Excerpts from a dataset
===
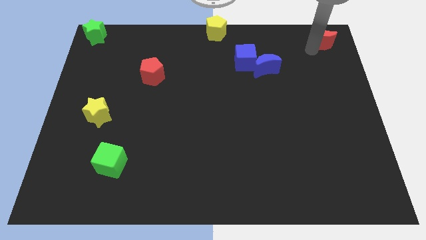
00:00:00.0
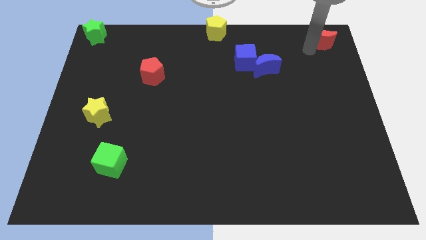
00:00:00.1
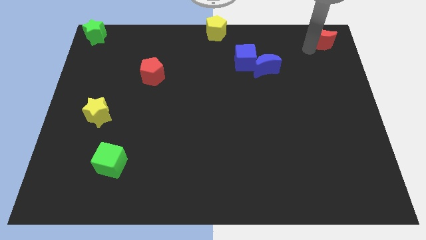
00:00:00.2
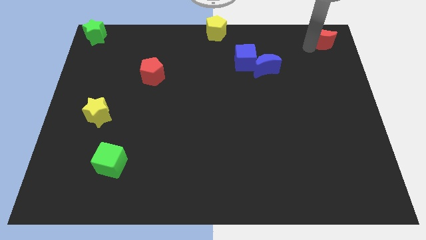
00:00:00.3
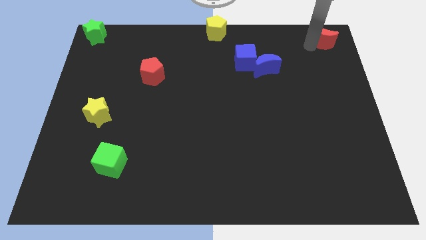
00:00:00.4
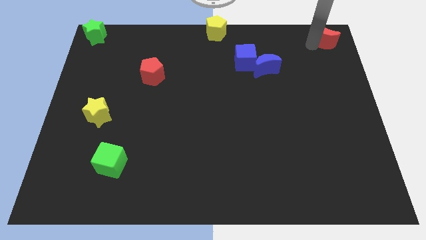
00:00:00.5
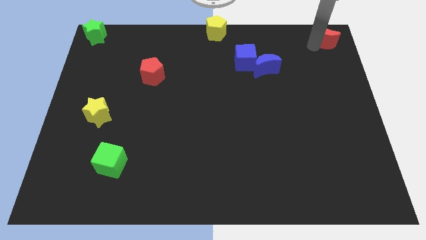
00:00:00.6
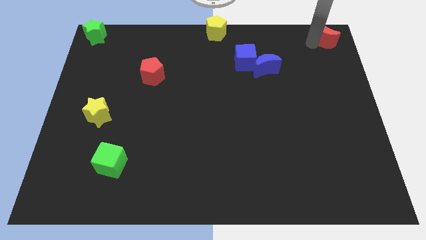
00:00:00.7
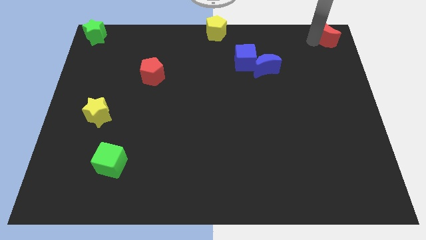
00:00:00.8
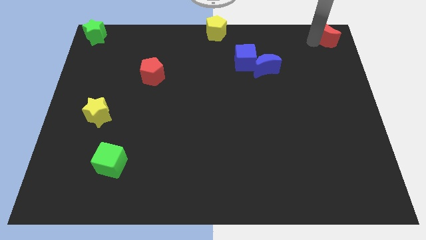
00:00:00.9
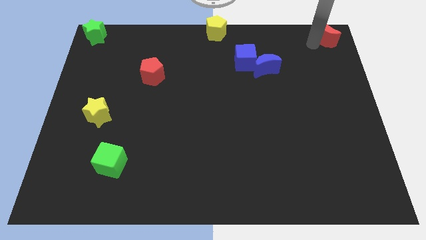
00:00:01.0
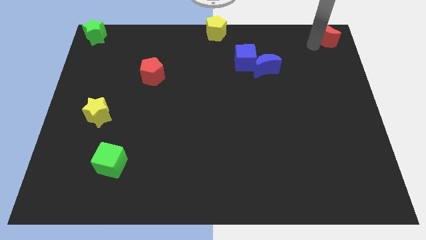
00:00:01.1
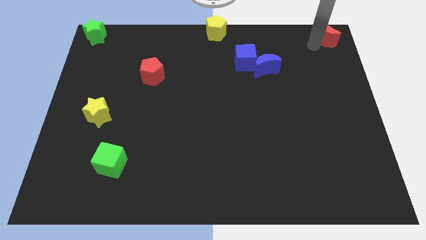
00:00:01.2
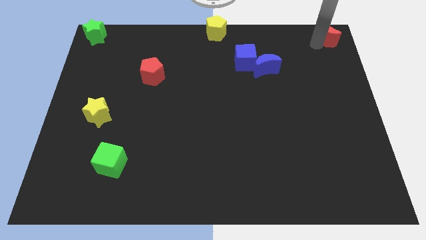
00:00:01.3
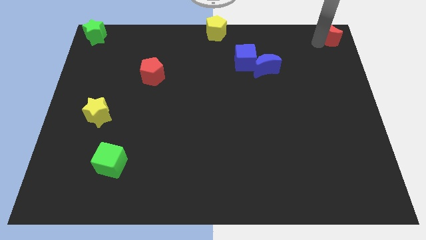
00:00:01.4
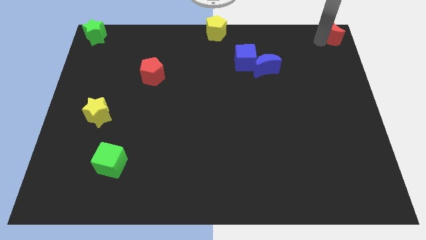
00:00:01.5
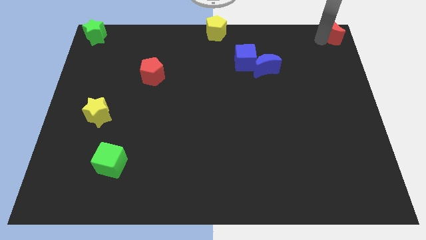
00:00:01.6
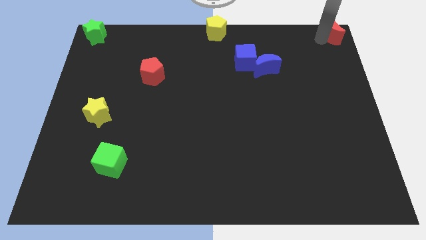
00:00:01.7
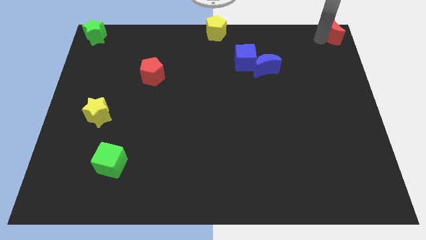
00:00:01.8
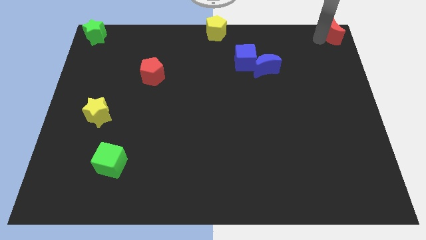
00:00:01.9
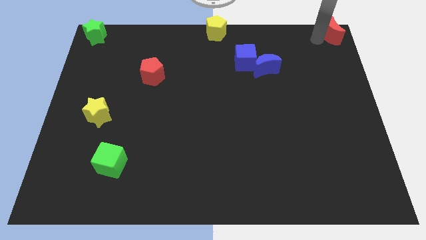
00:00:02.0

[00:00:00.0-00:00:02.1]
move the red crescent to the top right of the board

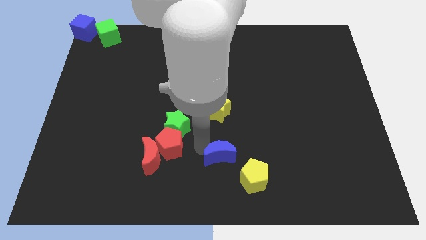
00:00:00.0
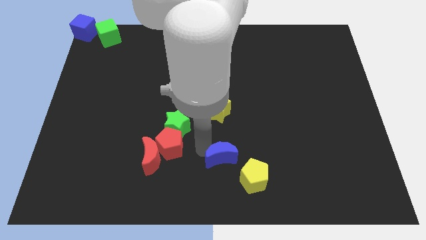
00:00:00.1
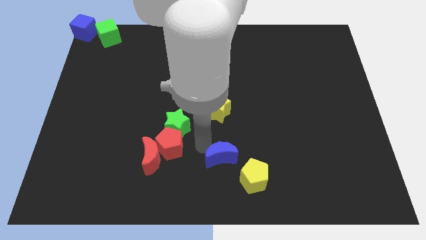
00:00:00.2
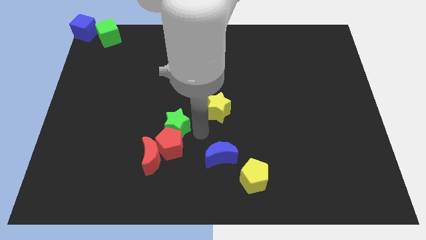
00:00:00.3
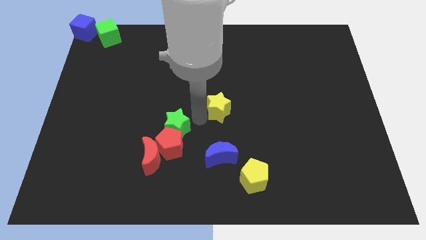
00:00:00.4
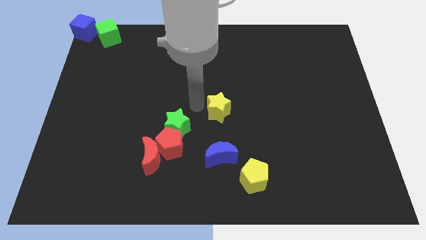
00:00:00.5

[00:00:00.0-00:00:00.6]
===
__ABOUT THIS EXERCISE__
Your job is to copy every entry exactly. Omit the pictures.

__TASK RESULT__
00:00:00.0
00:00:00.1
00:00:00.2
00:00:00.3
00:00:00.4
00:00:00.5
00:00:00.6
00:00:00.7
00:00:00.8
00:00:00.9
00:00:01.0
00:00:01.1
00:00:01.2
00:00:01.3
00:00:01.4
00:00:01.5
00:00:01.6
00:00:01.7
00:00:01.8
00:00:01.9
00:00:02.0

[00:00:00.0-00:00:02.1]
move the red crescent to the top right of the board

00:00:00.0
00:00:00.1
00:00:00.2
00:00:00.3
00:00:00.4
00:00:00.5

[00:00:00.0-00:00:00.6]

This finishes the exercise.